Even if the plumbing seems to be working fine inside the house, these issues could be developing without your knowledge and can suddenly cause major problems, such as leaks, backed up sewage, or frozen lines. When these things happen, you are generally stuck without water until the line is repaired.

Does Every Home Need a Video Inspection Before Buying?

We recommend you have a main line video inspection before buying any house, as it’s the only way to guarantee there aren’t any potential plumbing problems hiding in the pipes. Still, there are few instances where video inspections are particularly important:

1. If the home is older than 20 years

Plumbing in older Minneapolis homes is sometimes made of substandard materials, such as steel, clay, and even tarpaper. It’s important to know if you’re dealing with these types of materials, since you’ll undoubtedly have to replace them with something more modern and less likely to erode.

pipe materials

That said, even the best pipes can wear out over time through regular exposure to debris and shifts in soil. Older homes are at particular risk for having main lines with dips, bellies, or complete corrosion in spots.

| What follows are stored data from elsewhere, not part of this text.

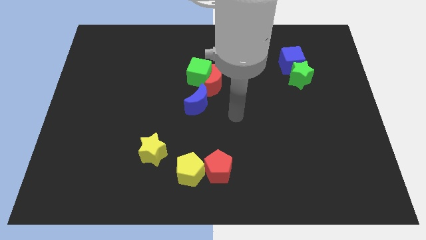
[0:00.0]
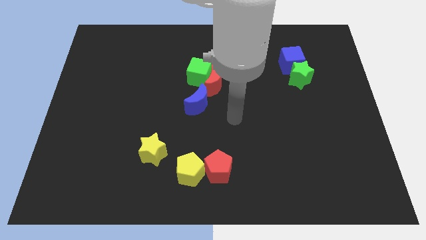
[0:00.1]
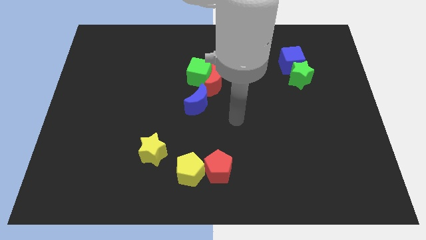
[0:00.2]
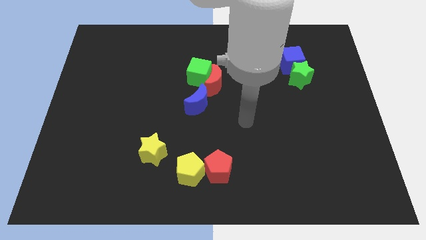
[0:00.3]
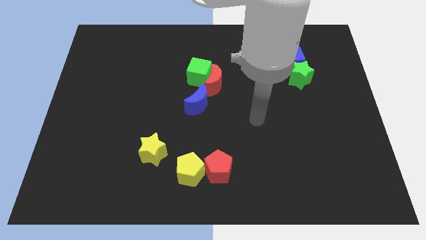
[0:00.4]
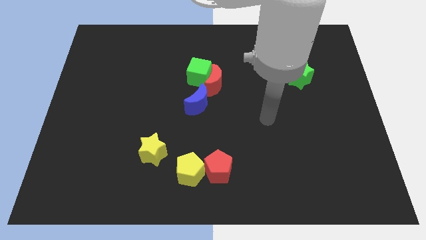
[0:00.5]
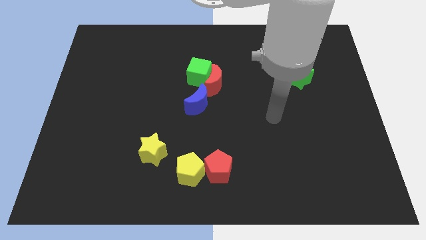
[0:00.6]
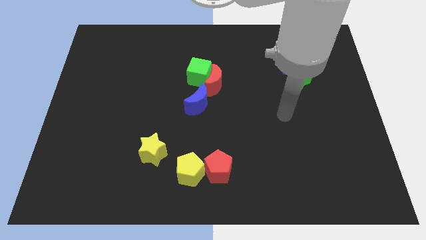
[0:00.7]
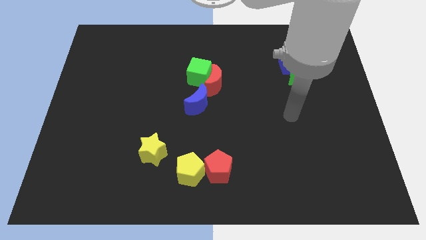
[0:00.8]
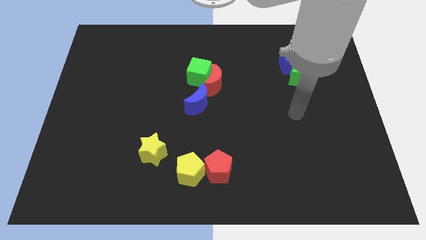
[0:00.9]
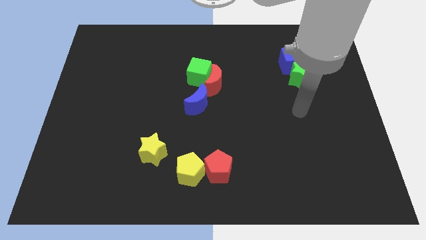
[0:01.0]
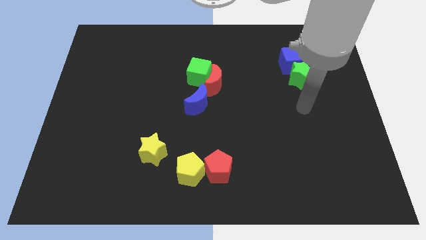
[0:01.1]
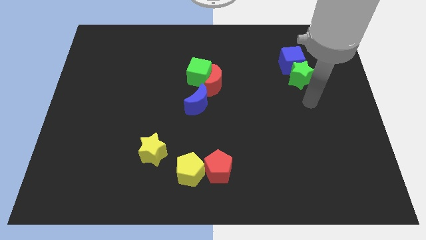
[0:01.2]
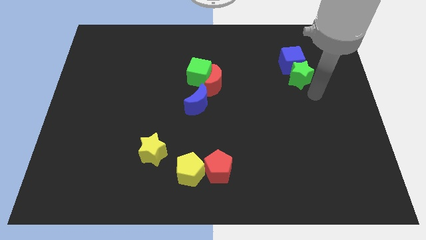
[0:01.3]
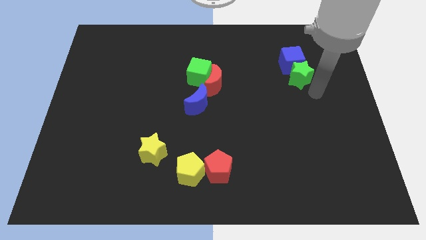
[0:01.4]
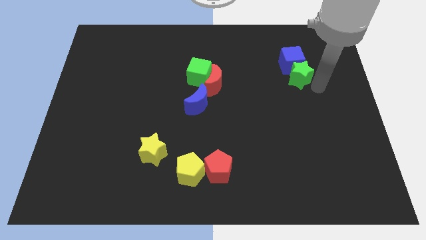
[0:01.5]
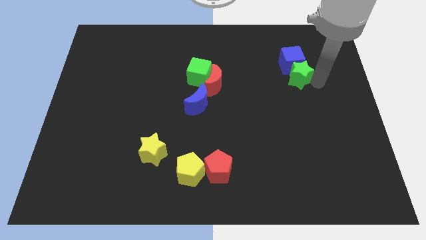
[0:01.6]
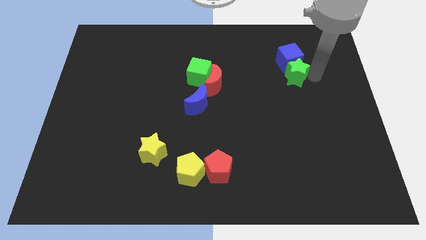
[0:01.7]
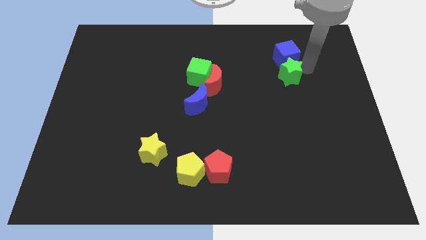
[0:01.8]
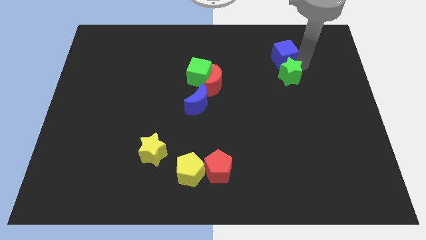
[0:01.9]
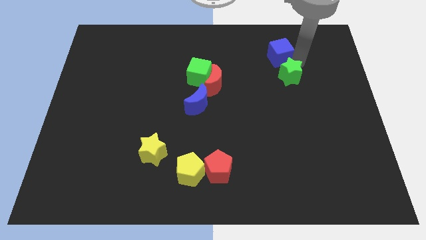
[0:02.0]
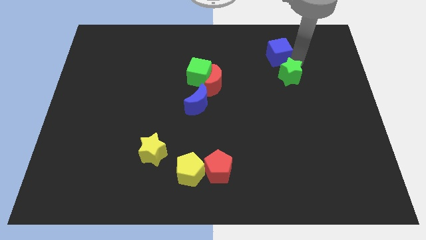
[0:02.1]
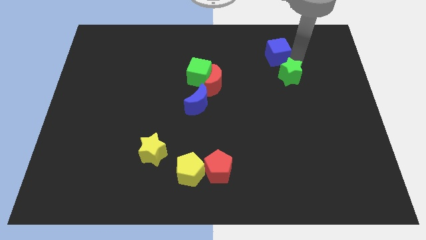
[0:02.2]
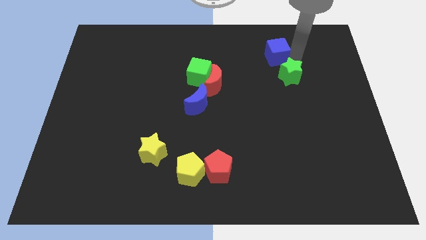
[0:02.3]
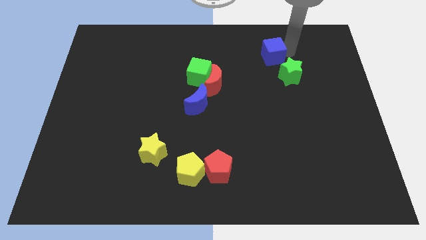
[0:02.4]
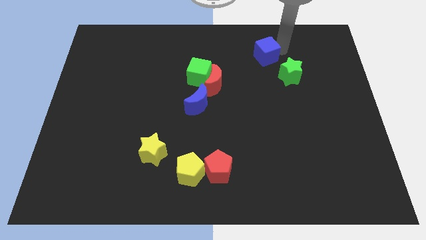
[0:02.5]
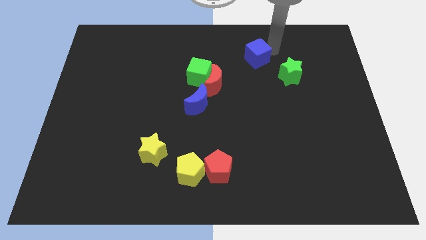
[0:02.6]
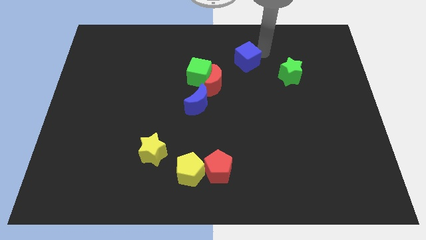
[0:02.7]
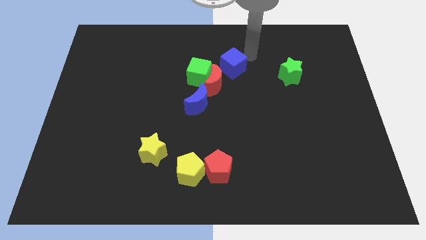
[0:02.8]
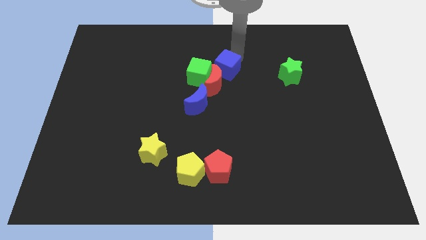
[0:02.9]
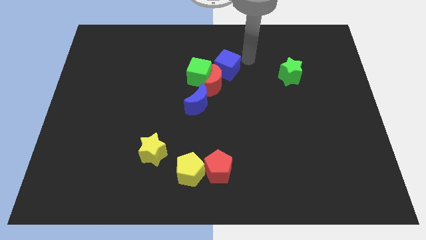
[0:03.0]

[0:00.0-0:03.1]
push blue cube to the top of red crescent

2. There are mature trees or visible roots on the property

Even with new homes, tree roots can compromise plumbing lines. They are indiscriminate in their quest for water and can get through or crush pipes.

3. There is cracked or raised concrete near the house

This is a good indication that large roots are moving underground, and, if they’ve pushed beneath concrete, they could also get into pipes and cause blockages and breaks.

4. No one has lived in the home for 3 months or more

When a house sits vacant, no one is maintaining the plumbing and complications can develop unnoticed.

5. You plan on remodeling

Sadly, far too many new homeowners finish their basement or remodel a bathroom only to have it flooded and ripped out after a plumbing crisis. Don’t let this be you — make sure your sewer lines are in order prior to any construction.

bathroom plumbing

Bottom Line

In Minneapolis and surrounding areas, homeowners are responsible for all sewer lines on their property. The city only maintains the main line running under the street. This means, if there’s a problem with your lines, you are accountable for the bill. And, compared to the cost of a simple video inspection, these expenses aren’t cheap. In fact, when whole systems need replacing, repair costs can range from $5,000 to $15,000 or more. This is definitely an expense you want to know about before buying the home. So, instead of gambling on your future home’s plumbing, get a video inspection and purchase your home with confidence.